For quantum mechanical reasons (see exchange interaction), the dominant coupling between two dipoles may cause nearest-neighbors to have lowest energy when they are aligned. Under this assumption (so that magnetic interactions only occur between adjacent dipoles) the Hamiltonian can be written in the form $\hat H = -J \sum_{j =1}^{N} \sigma_j \sigma_{j+1} - h \sum_{j =1}^{N} \sigma_j$

for a 1-dimensional model consisting of N dipoles, subject to the periodic boundary condition σN + 1 = σ1. The Heisenberg model is a more realistic model in that it treats the spins quantum-mechanically, by replacing the spin by a quantum operator (Pauli spin-1/2 matrices at spin 1/2), and the coupling constants Jx,Jy, and Jz. As such in 1-dimension, the Hamiltonian is given by $\hat H = -\frac{1}{2} \sum_{j=1}^{N} (J_x \sigma_j^x \sigma_{j+1}^x + J_y \sigma_j^y \sigma_{j+1}^y + J_z \sigma_j^z \sigma_{j+1}^z - h\sigma_j^{z})$

where the h on the right-hand side indicates the external magnetic field, with periodic boundary conditions, and at spin s = 1 / 2, spin matrices given by $\sigma^x = \begin{pmatrix} 0&1\\ 1&0 \end{pmatrix}$ $\sigma^y = \begin{pmatrix} 0&-i\\ i&0 \end{pmatrix}$ $\sigma^z = \begin{pmatrix} 1&0\\ 0&-1 \end{pmatrix}$

The Hamiltonian then acts upon the tensor product $(\mathbb{C}^2)^{\otimes N}$, of dimension 2N. The objective is to determine the spectrum of the Hamiltonian, from which the partition function can be calculated, from which the thermodynamics of the system can be studied. The most widely known type of Heisenberg model is probably the XXZ Heisenberg model, which occurs in the case $J = J_x = J_y \neq J_z = \Delta$. The spin 1/2 Heisenberg model in one dimension may be solved exactly using the Bethe ansatz.

The physics of the Heisenberg model strongly depends on the sign of the coupling constant J and the dimension of the space.
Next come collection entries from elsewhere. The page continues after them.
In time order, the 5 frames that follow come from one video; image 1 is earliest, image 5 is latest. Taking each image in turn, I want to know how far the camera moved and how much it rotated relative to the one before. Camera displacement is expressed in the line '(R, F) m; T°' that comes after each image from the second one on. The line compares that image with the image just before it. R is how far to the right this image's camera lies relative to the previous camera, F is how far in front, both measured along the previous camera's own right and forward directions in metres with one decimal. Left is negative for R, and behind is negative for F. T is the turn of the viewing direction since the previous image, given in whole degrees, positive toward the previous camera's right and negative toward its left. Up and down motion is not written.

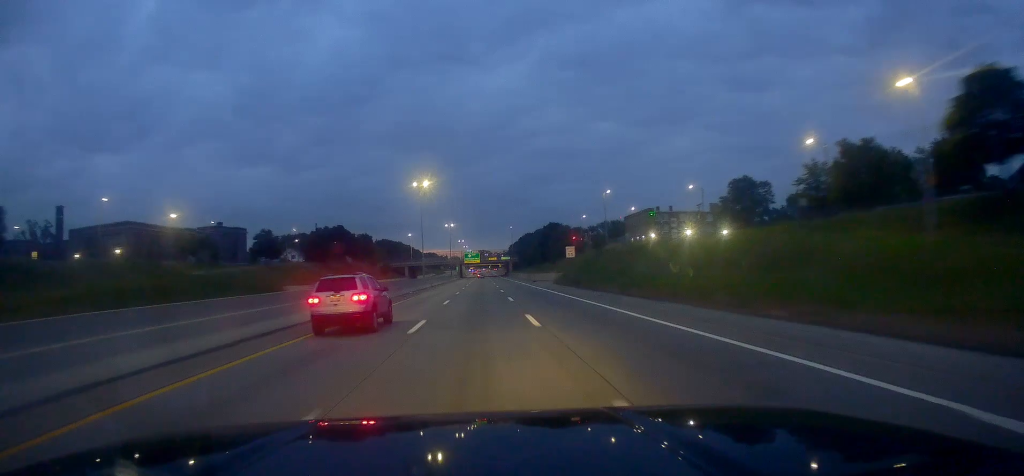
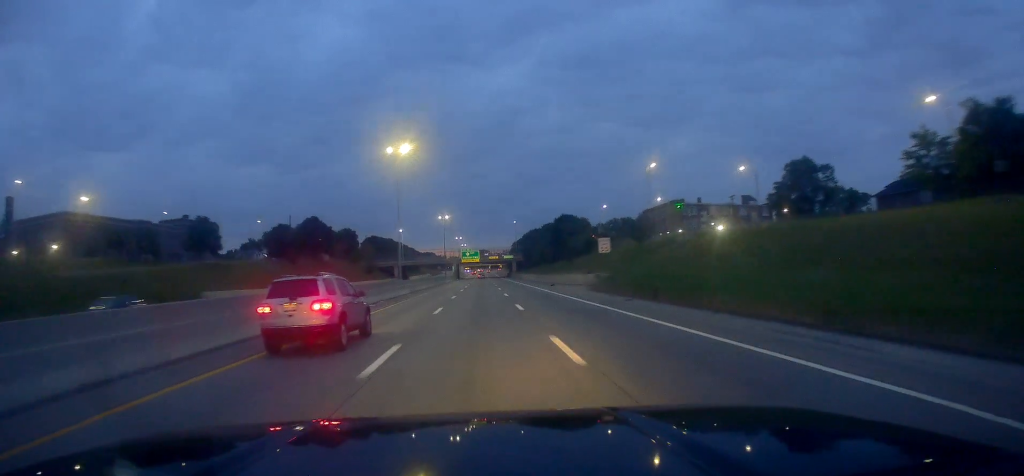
(+0.3, +22.2) m; +1°
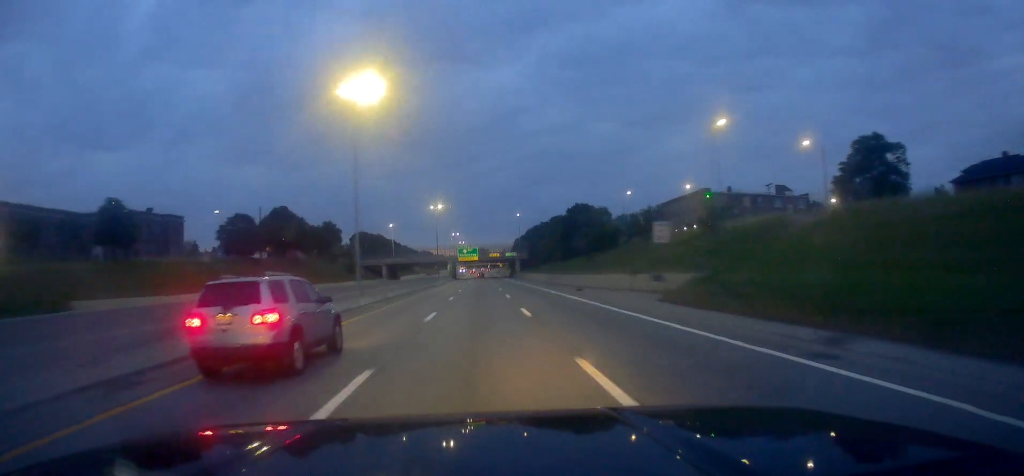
(0.0, +19.0) m; 0°
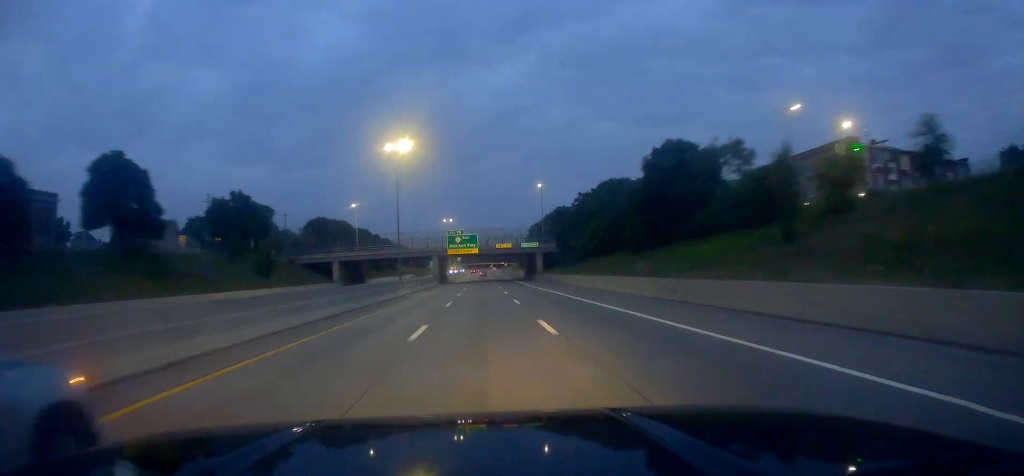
(0.0, +51.4) m; 0°
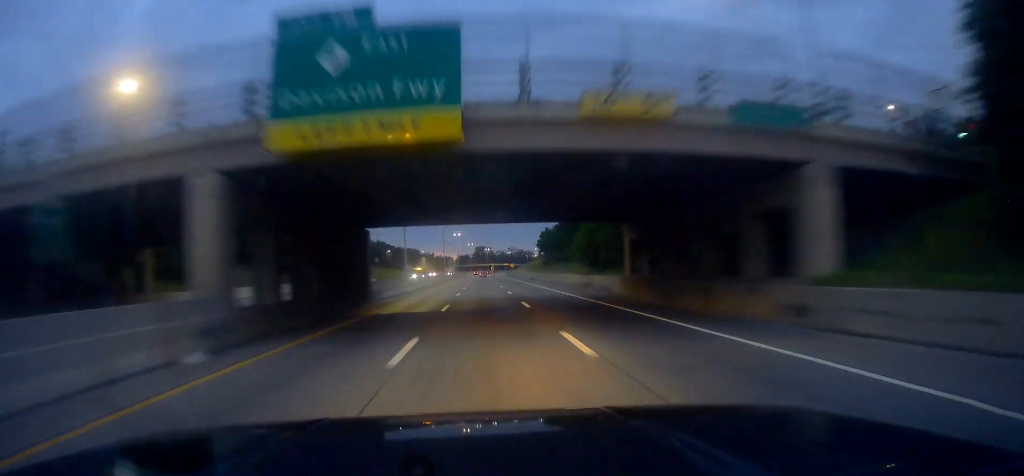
(-0.6, +79.3) m; 0°
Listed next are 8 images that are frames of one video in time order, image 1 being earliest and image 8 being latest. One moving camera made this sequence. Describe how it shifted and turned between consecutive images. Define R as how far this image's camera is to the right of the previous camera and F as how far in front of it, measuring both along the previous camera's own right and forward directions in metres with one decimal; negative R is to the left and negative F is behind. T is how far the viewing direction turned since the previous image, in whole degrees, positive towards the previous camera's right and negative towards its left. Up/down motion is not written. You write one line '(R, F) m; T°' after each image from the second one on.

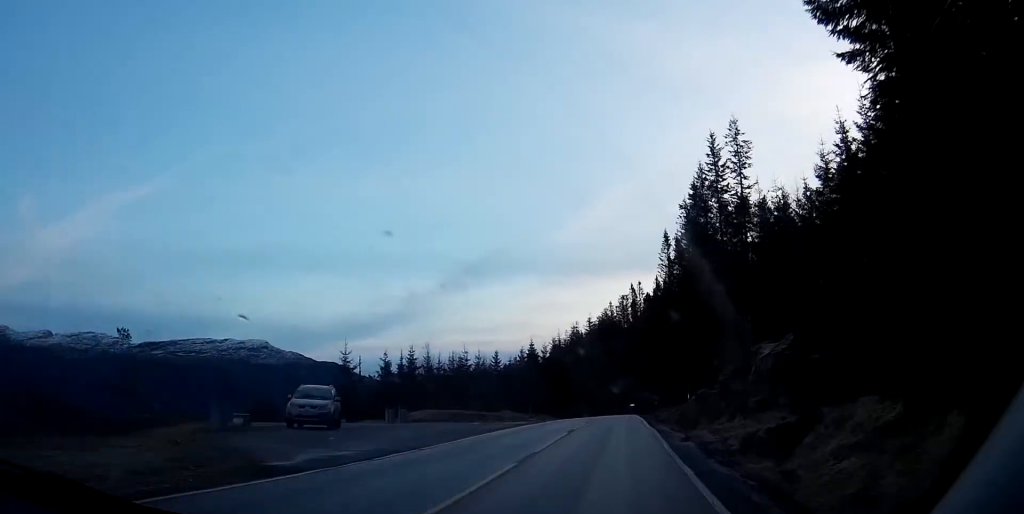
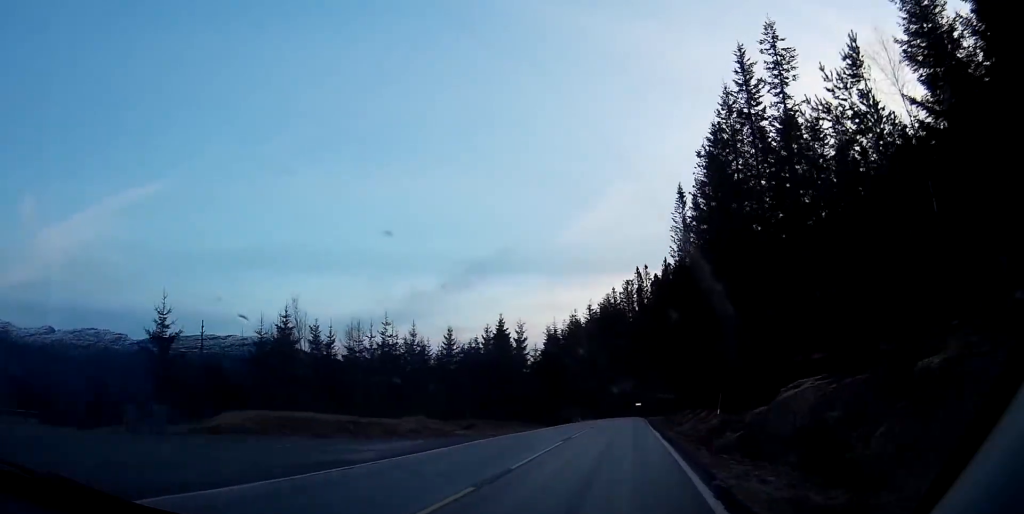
(-0.2, +27.6) m; 0°
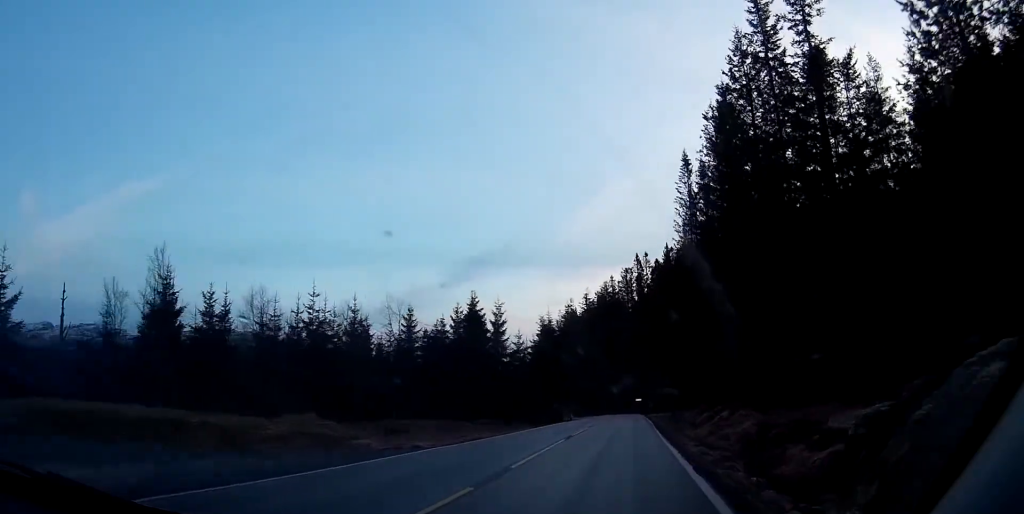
(0.0, +12.6) m; 0°
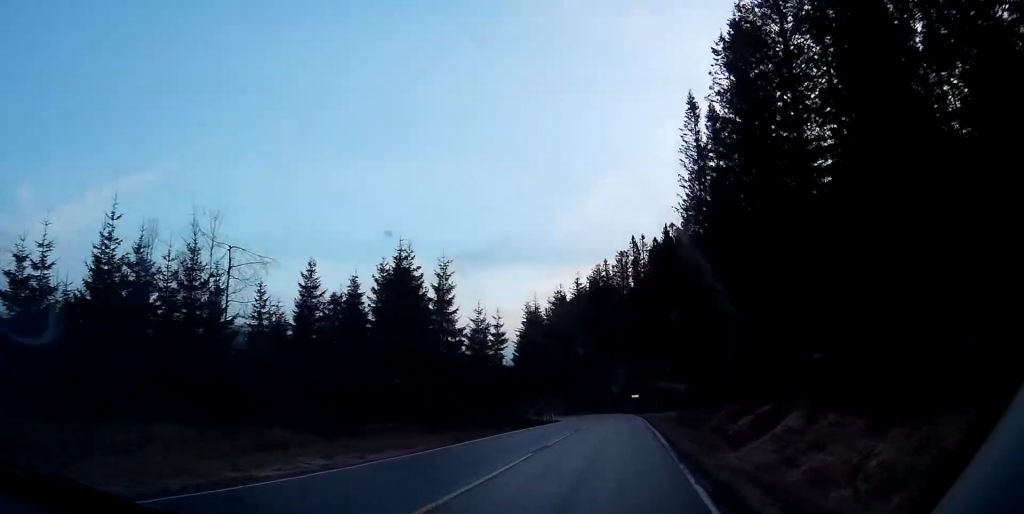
(+0.1, +17.9) m; 0°
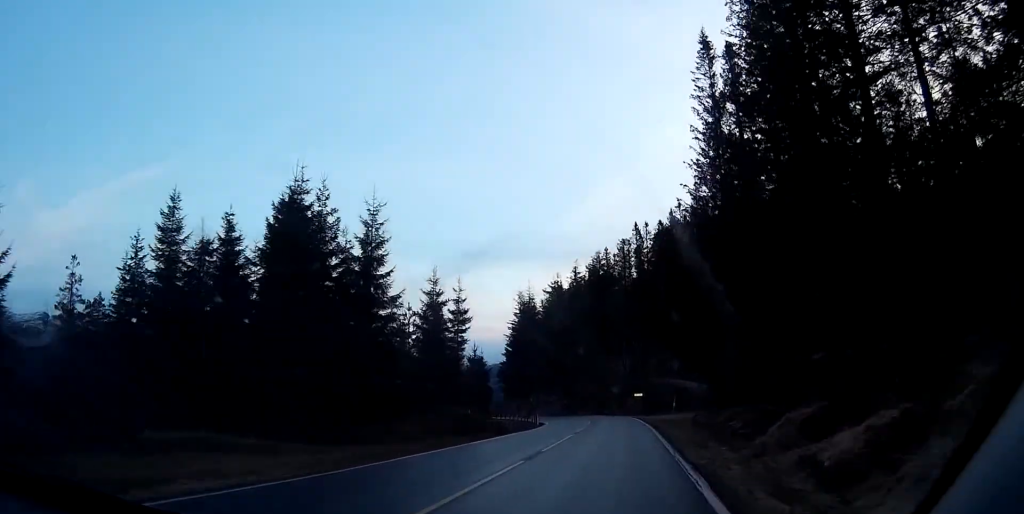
(+0.1, +13.9) m; 0°
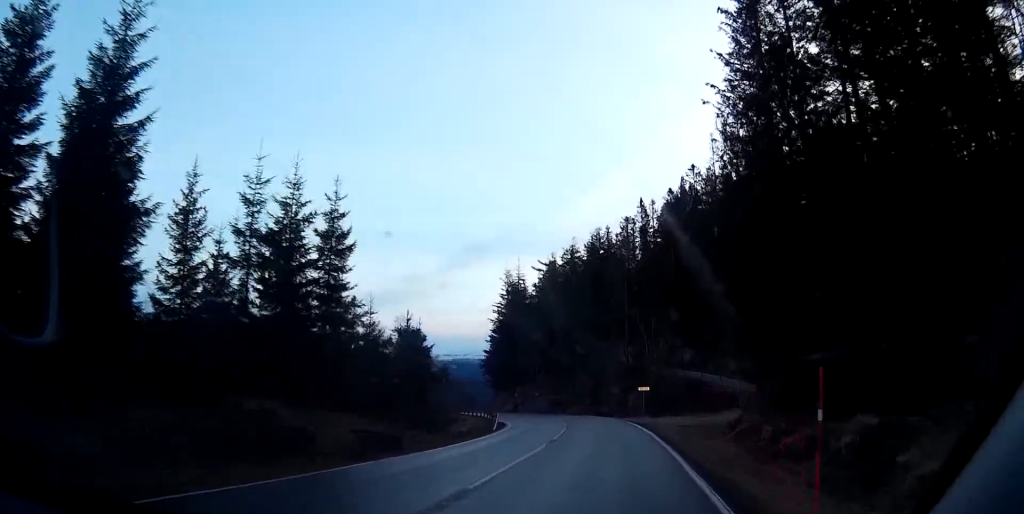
(-0.2, +19.7) m; -1°
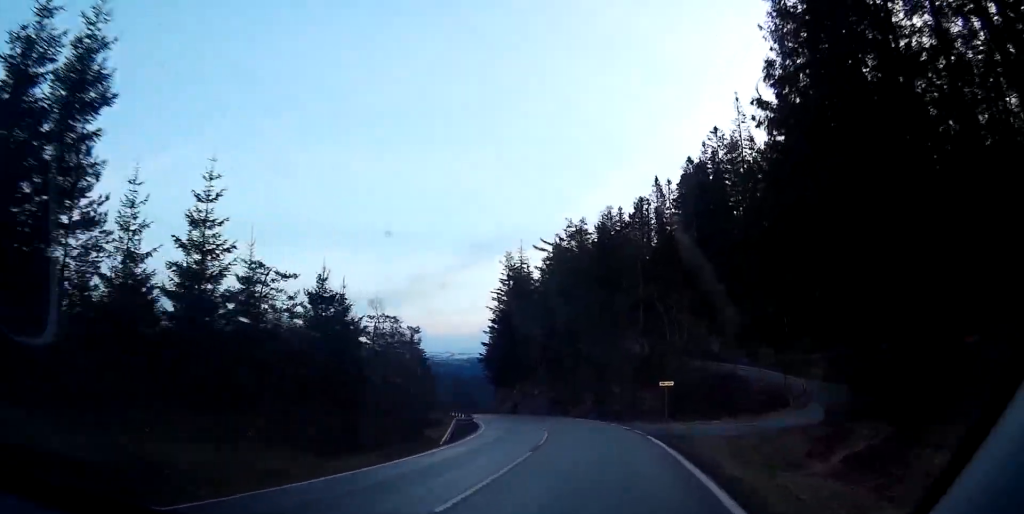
(0.0, +14.1) m; -3°
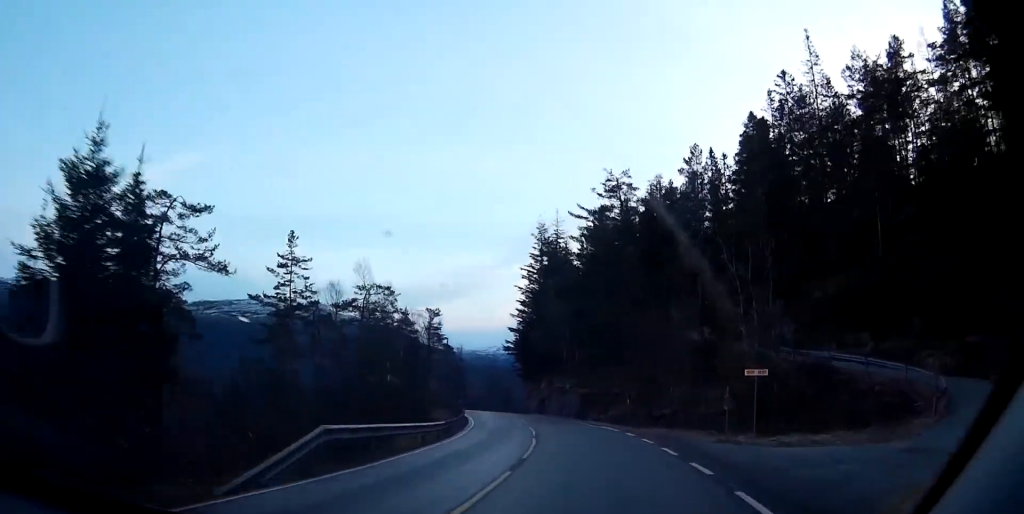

For positive J the ground state is always ferromagnetic. At negative J the ground state is antiferromagnetic in two and three dimensions. In one dimension the nature of correlations in the antiferromagnetic Heisenberg model depends on the spin of the magnetic dipoles. If the spin is integer then only short range order is present. A system of half-integer spins exhibits quasi-long range order.